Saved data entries
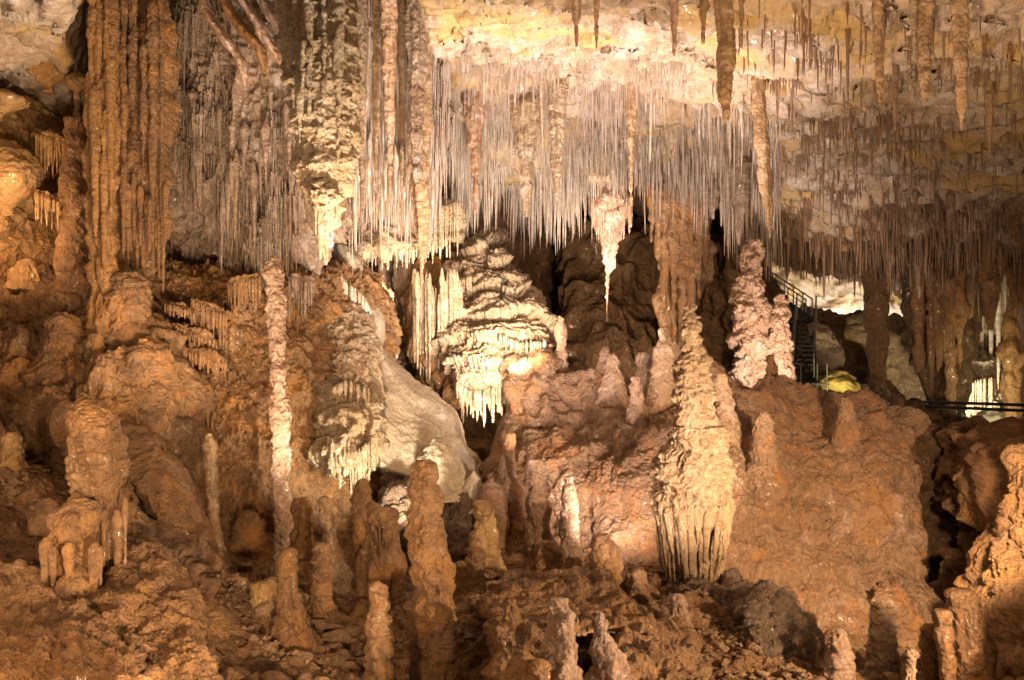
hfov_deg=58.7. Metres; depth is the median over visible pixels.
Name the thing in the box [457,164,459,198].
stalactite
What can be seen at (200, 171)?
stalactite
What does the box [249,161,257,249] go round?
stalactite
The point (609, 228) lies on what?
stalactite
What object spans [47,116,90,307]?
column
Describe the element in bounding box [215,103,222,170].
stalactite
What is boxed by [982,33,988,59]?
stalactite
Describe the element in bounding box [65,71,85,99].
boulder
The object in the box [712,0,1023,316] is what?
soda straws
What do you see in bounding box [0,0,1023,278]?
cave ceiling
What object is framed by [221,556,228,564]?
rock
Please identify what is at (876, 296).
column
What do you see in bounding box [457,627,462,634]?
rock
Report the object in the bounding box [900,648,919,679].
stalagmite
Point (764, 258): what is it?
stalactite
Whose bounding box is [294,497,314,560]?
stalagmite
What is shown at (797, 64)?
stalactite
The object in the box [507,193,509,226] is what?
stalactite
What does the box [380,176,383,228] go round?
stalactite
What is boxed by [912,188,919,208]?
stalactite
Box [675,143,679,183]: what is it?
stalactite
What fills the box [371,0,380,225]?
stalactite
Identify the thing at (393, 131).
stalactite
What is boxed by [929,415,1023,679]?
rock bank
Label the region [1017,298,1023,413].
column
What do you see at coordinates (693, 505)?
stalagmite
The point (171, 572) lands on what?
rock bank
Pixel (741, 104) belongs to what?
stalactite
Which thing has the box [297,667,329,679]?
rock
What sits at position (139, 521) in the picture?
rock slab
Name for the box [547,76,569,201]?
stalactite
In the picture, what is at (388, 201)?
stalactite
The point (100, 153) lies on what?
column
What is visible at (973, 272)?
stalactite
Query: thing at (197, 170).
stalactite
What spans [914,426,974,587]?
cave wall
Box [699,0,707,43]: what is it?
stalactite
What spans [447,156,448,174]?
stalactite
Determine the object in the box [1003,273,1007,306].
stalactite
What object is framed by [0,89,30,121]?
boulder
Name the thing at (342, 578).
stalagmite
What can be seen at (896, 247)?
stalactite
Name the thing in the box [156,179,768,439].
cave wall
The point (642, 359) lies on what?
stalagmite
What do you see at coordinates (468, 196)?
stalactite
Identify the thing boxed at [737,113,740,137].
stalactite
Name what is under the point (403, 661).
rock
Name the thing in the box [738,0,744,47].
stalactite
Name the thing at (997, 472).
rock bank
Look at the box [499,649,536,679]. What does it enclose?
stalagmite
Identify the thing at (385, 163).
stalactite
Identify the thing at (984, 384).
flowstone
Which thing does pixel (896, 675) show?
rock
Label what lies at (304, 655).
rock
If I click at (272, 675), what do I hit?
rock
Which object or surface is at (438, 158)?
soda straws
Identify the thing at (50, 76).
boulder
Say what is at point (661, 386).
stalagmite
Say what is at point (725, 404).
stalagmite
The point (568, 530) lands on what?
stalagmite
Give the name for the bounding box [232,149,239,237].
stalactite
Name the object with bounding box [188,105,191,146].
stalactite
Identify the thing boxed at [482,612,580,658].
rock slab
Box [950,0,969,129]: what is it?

...

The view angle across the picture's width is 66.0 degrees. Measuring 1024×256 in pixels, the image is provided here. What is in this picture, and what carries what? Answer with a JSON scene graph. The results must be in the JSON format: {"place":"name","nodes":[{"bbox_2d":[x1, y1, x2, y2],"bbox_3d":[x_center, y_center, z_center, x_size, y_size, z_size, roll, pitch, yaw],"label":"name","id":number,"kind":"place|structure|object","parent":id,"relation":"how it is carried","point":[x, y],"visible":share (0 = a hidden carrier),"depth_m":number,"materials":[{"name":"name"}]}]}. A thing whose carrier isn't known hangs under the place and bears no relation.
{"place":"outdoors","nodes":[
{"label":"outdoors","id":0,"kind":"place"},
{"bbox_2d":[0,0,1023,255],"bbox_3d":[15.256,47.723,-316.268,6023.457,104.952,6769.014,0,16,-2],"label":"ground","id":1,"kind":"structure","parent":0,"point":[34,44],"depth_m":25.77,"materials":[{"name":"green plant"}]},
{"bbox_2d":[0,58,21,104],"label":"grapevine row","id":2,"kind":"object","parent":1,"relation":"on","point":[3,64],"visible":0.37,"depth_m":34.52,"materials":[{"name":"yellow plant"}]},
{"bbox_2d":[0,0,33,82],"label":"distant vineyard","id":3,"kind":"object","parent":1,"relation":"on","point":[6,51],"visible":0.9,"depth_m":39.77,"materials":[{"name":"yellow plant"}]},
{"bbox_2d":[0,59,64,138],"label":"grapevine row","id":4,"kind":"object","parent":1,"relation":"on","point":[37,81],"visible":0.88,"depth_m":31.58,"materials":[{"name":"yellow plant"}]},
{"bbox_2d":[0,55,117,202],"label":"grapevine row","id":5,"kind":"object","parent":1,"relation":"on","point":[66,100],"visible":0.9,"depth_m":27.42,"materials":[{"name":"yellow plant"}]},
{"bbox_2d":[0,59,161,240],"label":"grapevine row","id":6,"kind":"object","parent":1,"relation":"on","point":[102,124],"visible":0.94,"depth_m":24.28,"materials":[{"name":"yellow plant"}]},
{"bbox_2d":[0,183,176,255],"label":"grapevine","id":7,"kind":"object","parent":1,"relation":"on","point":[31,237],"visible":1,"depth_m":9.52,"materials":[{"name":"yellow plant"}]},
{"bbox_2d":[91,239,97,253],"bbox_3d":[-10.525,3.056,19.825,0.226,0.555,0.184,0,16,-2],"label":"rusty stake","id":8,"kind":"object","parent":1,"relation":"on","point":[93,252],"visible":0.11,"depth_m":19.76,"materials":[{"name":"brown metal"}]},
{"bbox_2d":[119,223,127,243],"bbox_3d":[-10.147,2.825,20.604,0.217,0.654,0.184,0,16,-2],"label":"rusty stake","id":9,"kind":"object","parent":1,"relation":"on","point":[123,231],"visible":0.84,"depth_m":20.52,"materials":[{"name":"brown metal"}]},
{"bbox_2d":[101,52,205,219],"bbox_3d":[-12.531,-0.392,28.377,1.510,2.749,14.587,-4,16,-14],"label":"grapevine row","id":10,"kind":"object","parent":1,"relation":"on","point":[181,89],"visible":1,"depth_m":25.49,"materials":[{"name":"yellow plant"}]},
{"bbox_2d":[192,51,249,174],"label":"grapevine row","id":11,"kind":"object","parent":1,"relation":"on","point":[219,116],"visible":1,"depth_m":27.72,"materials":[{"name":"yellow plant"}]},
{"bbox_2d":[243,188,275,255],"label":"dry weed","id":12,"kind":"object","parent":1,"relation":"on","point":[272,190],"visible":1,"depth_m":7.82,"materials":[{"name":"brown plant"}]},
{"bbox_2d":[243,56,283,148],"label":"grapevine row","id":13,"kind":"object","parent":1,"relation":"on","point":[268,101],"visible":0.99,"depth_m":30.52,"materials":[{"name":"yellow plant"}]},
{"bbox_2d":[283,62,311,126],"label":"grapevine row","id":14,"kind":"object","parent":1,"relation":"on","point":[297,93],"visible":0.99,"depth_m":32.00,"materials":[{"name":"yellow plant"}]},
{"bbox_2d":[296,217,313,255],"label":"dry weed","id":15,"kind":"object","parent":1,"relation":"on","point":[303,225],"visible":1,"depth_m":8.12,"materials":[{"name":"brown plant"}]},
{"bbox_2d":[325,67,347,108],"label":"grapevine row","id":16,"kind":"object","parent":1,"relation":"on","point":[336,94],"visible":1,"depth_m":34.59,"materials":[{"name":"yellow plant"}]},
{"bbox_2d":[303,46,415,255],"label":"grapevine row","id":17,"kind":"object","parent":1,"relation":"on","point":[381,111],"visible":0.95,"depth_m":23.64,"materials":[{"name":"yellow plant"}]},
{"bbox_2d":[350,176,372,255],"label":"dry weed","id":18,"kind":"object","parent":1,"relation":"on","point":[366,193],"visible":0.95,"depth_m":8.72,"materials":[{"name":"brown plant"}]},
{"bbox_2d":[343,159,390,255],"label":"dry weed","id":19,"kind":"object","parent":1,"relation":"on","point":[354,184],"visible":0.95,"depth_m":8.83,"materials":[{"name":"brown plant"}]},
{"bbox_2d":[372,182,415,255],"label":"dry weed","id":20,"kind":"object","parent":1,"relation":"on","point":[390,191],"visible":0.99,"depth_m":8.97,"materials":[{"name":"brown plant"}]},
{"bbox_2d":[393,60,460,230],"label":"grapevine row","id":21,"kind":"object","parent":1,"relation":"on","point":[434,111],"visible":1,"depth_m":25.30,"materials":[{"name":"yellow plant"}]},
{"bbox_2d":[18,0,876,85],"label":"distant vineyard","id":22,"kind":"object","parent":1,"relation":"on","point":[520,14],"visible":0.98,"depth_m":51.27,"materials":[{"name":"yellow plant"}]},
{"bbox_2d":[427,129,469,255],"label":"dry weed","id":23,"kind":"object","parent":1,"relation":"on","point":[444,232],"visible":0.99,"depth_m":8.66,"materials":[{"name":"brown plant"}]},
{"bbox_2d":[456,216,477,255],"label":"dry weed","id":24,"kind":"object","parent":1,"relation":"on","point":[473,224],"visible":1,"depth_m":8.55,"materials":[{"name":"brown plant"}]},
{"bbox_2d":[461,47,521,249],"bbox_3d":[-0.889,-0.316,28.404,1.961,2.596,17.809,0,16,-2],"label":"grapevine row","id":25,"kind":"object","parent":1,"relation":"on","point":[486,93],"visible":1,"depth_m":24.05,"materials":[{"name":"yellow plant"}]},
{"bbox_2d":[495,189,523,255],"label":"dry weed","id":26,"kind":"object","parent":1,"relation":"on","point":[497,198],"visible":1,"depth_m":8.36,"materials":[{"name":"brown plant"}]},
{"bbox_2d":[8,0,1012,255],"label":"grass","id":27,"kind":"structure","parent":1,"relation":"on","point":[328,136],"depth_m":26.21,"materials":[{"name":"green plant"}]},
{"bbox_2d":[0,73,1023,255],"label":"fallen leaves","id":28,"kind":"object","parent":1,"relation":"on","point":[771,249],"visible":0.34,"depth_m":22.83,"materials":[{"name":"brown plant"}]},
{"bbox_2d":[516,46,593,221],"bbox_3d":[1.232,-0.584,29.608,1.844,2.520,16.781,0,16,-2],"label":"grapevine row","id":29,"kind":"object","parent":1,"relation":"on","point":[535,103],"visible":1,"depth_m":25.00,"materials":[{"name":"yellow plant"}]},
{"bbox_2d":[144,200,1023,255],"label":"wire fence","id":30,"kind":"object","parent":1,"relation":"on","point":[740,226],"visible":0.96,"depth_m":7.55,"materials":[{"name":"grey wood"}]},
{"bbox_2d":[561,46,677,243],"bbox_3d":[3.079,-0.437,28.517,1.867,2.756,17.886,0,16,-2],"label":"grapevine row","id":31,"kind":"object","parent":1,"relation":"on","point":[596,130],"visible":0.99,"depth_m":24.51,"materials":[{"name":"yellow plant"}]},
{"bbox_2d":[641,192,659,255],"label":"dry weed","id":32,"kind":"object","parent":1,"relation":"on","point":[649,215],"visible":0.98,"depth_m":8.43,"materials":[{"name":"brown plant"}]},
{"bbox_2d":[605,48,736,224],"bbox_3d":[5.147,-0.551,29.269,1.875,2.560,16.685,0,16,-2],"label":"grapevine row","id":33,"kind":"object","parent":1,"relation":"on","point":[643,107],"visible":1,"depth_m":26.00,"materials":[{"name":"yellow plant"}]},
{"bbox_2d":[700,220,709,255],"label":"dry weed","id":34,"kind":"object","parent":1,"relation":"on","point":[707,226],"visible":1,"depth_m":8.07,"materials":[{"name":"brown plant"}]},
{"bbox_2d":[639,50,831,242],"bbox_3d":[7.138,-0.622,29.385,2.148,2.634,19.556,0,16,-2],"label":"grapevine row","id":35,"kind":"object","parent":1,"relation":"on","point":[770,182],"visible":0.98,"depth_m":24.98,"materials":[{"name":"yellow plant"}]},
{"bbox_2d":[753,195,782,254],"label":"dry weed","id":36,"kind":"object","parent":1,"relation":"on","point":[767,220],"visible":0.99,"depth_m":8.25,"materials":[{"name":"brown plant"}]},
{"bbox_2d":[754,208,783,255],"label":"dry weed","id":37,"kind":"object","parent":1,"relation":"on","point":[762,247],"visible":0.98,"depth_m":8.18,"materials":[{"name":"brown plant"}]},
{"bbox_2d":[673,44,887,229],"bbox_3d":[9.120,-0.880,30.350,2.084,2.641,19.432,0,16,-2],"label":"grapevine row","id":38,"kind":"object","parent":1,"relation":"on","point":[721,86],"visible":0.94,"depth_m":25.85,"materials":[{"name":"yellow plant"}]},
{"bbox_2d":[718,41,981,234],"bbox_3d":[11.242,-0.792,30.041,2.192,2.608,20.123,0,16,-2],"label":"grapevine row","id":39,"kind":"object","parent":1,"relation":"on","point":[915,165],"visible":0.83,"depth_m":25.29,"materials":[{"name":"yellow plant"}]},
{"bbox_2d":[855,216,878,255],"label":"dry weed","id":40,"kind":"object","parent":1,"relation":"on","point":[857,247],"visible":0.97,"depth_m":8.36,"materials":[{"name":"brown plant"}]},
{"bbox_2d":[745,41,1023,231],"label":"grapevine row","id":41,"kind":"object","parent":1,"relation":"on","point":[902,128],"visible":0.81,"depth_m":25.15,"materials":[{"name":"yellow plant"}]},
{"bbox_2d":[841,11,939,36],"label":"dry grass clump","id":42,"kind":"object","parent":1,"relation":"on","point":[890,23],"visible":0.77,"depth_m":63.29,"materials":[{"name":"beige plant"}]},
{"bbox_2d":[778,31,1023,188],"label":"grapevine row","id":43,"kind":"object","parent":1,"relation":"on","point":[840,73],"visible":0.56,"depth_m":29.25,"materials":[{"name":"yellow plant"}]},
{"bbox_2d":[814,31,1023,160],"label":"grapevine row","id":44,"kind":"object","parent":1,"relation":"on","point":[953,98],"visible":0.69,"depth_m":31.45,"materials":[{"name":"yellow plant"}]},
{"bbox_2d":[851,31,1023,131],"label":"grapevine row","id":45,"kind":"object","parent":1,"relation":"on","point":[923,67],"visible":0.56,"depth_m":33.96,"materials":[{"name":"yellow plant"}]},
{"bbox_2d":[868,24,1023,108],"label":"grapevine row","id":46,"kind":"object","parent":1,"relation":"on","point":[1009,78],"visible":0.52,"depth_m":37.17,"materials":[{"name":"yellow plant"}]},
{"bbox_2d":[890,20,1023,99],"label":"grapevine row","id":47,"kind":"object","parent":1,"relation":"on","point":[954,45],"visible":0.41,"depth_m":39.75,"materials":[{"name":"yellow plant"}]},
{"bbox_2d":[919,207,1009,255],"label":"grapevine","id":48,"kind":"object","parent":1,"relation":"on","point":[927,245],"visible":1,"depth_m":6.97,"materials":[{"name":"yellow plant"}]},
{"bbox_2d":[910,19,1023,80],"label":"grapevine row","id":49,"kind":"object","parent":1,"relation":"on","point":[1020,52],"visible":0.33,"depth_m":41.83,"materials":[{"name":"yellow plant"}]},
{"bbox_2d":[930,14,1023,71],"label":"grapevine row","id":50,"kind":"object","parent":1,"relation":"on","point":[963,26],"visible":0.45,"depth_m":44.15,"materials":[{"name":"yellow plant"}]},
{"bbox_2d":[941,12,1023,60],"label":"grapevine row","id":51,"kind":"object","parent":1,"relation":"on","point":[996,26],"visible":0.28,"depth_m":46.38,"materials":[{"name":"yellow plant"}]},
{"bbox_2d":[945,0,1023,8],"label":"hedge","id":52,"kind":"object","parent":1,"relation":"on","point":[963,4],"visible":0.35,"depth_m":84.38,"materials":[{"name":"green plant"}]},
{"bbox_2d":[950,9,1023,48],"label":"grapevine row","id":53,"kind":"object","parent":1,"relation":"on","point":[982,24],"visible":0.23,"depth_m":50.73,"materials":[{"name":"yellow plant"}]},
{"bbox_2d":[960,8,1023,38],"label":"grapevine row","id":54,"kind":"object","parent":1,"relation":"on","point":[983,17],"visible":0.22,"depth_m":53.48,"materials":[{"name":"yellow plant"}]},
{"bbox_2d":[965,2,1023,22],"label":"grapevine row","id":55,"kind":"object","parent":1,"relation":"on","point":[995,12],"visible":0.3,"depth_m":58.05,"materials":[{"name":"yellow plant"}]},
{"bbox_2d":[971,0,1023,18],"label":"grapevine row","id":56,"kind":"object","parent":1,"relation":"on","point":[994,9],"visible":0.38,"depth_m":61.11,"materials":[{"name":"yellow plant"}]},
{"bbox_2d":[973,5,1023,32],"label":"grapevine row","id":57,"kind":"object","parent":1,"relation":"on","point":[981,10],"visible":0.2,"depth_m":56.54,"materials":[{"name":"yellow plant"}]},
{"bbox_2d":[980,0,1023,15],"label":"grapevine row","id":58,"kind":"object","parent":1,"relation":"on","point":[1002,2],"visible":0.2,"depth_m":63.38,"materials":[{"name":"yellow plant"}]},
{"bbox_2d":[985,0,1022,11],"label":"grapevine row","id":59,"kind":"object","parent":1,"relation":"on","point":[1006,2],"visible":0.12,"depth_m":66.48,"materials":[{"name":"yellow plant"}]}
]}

Task brief:
What are the lines above, starting at the one with "Label what lies at (304, 655)." and ending at the one with "Box [950,0,969,129]: what is it?"? Give them again exactly, and only them.

Your response:
Label what lies at (304, 655).
rock
If I click at (272, 675), what do I hit?
rock
Which object or surface is at (438, 158)?
soda straws
Identify the thing at (50, 76).
boulder
Say what is at point (661, 386).
stalagmite
Say what is at point (725, 404).
stalagmite
The point (568, 530) lands on what?
stalagmite
Give the name for the bounding box [232,149,239,237].
stalactite
Name the object with bounding box [188,105,191,146].
stalactite
Identify the thing boxed at [482,612,580,658].
rock slab
Box [950,0,969,129]: what is it?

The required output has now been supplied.